Я стал читать 29-ю песню:
О, что за вид являли безотрадныйЛежавшие недвижно кучей смрадной!За шагом шаг мы двигались во мглеСреди больных, стонавших от недугаИ ползавших бессильно по земле.
А в это время Петр Петрович говорил Михаилу Васильевичу:
— Некрасов верно предсказал, что придет времечко, когда не Милорда глупого, а Гоголя, Белинского мужик с базара понесет.
— Вы что же думаете — оно пришло?
— Пришло, Михаил Васильевич, пришло. Ты разве не видишь, что мужичок не Гоголя тащит, а великого Данте?

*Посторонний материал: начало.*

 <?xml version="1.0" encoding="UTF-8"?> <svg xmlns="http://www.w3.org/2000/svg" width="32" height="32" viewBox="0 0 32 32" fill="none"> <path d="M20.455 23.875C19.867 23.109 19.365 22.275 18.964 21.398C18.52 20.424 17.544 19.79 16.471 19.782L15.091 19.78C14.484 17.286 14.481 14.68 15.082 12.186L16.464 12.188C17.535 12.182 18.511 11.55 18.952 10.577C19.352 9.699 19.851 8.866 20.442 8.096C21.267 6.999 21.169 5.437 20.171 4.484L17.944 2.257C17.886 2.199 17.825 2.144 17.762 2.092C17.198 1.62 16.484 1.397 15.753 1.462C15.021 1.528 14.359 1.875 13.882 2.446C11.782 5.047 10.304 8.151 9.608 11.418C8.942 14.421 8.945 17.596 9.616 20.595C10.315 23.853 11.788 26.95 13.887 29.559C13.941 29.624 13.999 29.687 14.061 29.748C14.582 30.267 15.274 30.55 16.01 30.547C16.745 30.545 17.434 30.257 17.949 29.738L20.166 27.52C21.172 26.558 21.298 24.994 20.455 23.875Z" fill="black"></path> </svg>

— Но ведь это редкостный экземпляр.
— Да, но это показательно.
— Еще далеко…
— Нет, недалеко. Он, мужичок, уже идет с своей культурой… Он скоро предъявит нам жестокий счет на понимание не только Гоголя, Белинского, но и Данте.

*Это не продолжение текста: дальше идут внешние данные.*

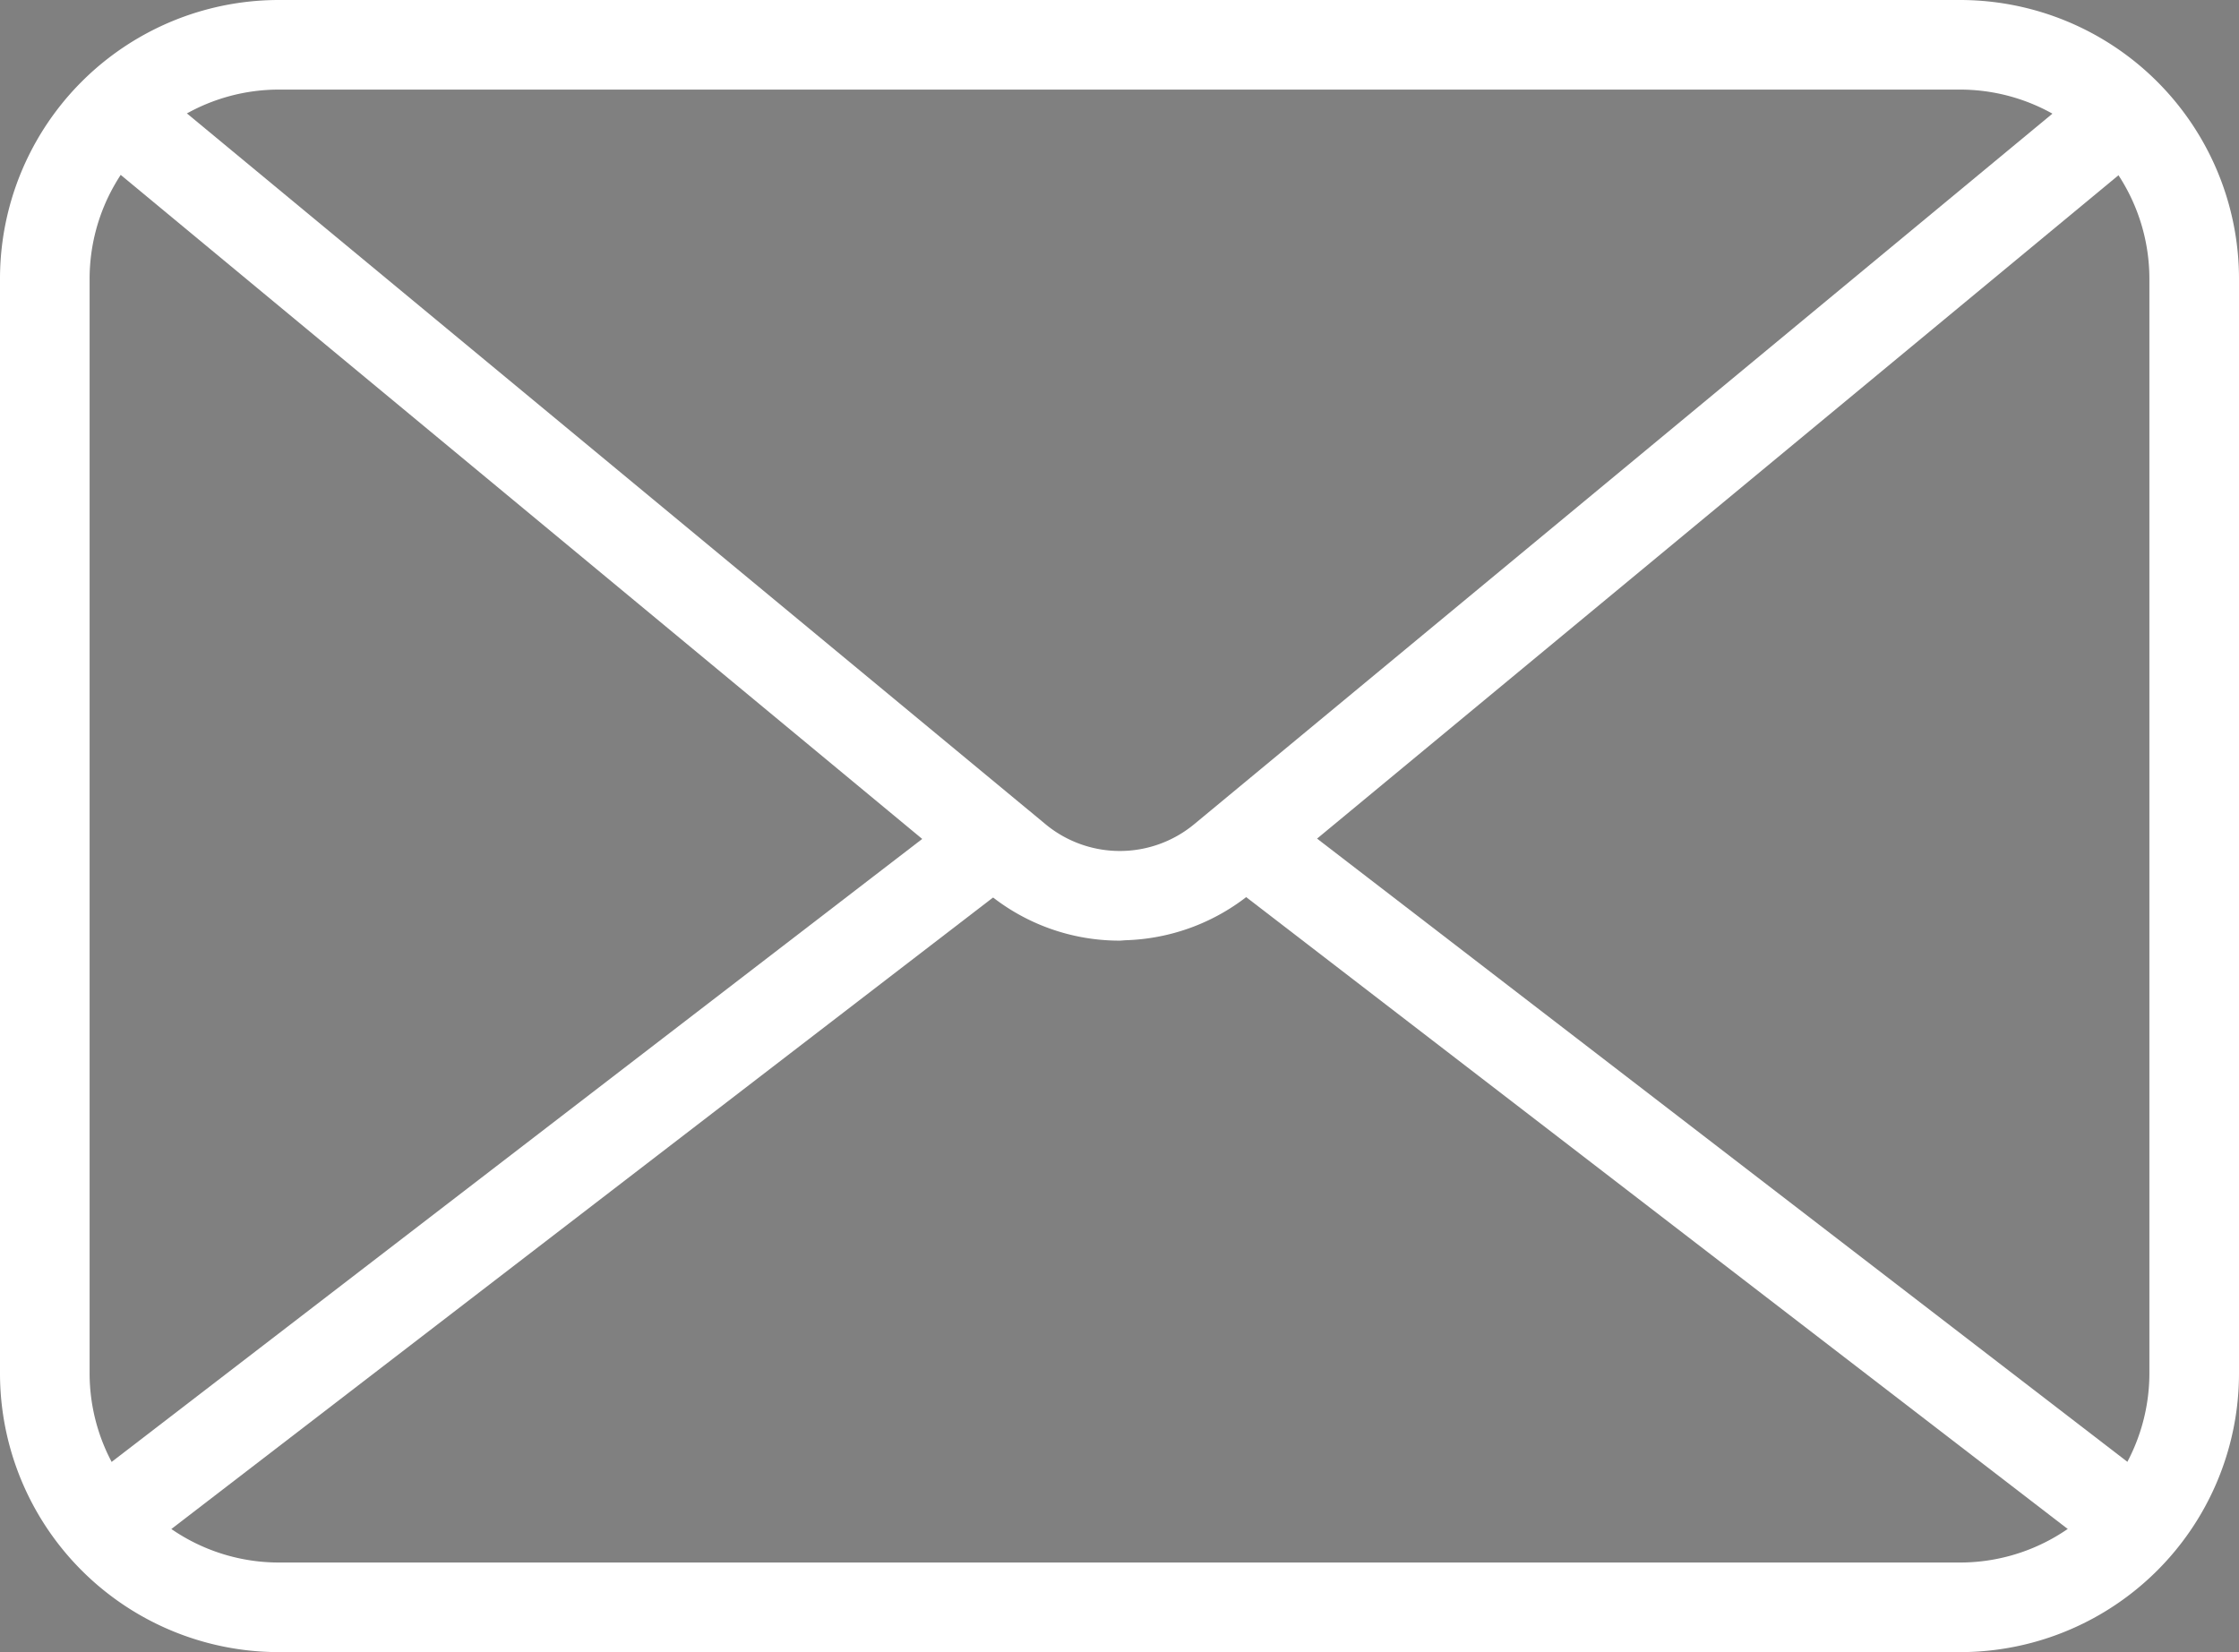 <svg xmlns="http://www.w3.org/2000/svg" viewBox="0 0 288.07 212.61"><rect x="0" y="0" width="288.07" height="212.61" fill="#808080" stroke="none"/><defs><style>.cls-1{stroke:#fff;stroke-miterlimit:10;stroke-width:6px;}</style></defs><g id="Capa_2" data-name="Capa 2"><g id="object"><path class="cls-1" d="M252.17,209.61H35.89A32.88,32.88,0,0,1,3,176.72V35.89A32.88,32.88,0,0,1,35.89,3H252.17a32.9,32.9,0,0,1,32.9,32.89V176.72a32.88,32.88,0,0,1-32.9,32.89ZM35.89,8.53A27.35,27.35,0,0,0,8.53,35.89V176.72a27.35,27.35,0,0,0,27.36,27.36H252.17a27.36,27.36,0,0,0,27.37-27.36V35.89A27.36,27.36,0,0,0,252.17,8.53Z"/><path class="cls-1" d="M144,118.05a23.56,23.56,0,0,1-15-5.41L16,19l3.52-4.26,113.06,93.62a18,18,0,0,0,23,0L268.8,14.6l3.52,4.26L159.05,112.64A23.69,23.69,0,0,1,144.7,118Z"/><rect class="cls-1" x="214.58" y="81.23" width="5.53" height="141.65" transform="translate(-35.7 231.59) rotate(-52.43)"/><rect class="cls-1" x="-0.1" y="149.29" width="141.7" height="5.53" transform="translate(-78.02 74.63) rotate(-37.55)"/></g></g></svg>

Невыносимая боль подступила к моему сердцу, в глазах потемнело, и мой рассудок стал мутиться, и слова «Божественной комедии» стали застывать на моем языке:
…и что за вид являет безотрадный…
— Читай, читай, голубчик… Читай!
Но я сорвался со стола, поплыл, поплыл в мутно-розовое пространство, и мне так стало хорошо, а главное — я почувствовал себя гораздо легче пуха одуванчика.
1924—1926
Часть третья
У ЖИЗНИ В ОТПУСКУ
IГолова тяжелая. Во рту сухо. Вокруг мрак. Тишина. Только где-то в стороне, во мраке, гул, лязг и звон металла. Оттуда же отдельные человеческие голоса. «Что со мной?» — невольно подумал я и стал всматриваться. Никого. Веки закрылись, давили на зрачки… «Кажется, что я нахожусь в яме?» Колыхнулся мрак, поднялся, как занавес. В глазах: зал, раненые на соломе, врачи и санитары в белых халатах, забрызганных кровью, простые сосновые столы. Я хотел поднять голову и не мог. Открыл веки: не вижу зала, соломы и столов. Нет врачей, санитаров и раненых. Мрак. Сладковатый запах. Он неприятен, как смоченная в теплом уксусе вата. Он лез в нос и рот. Я задыхался.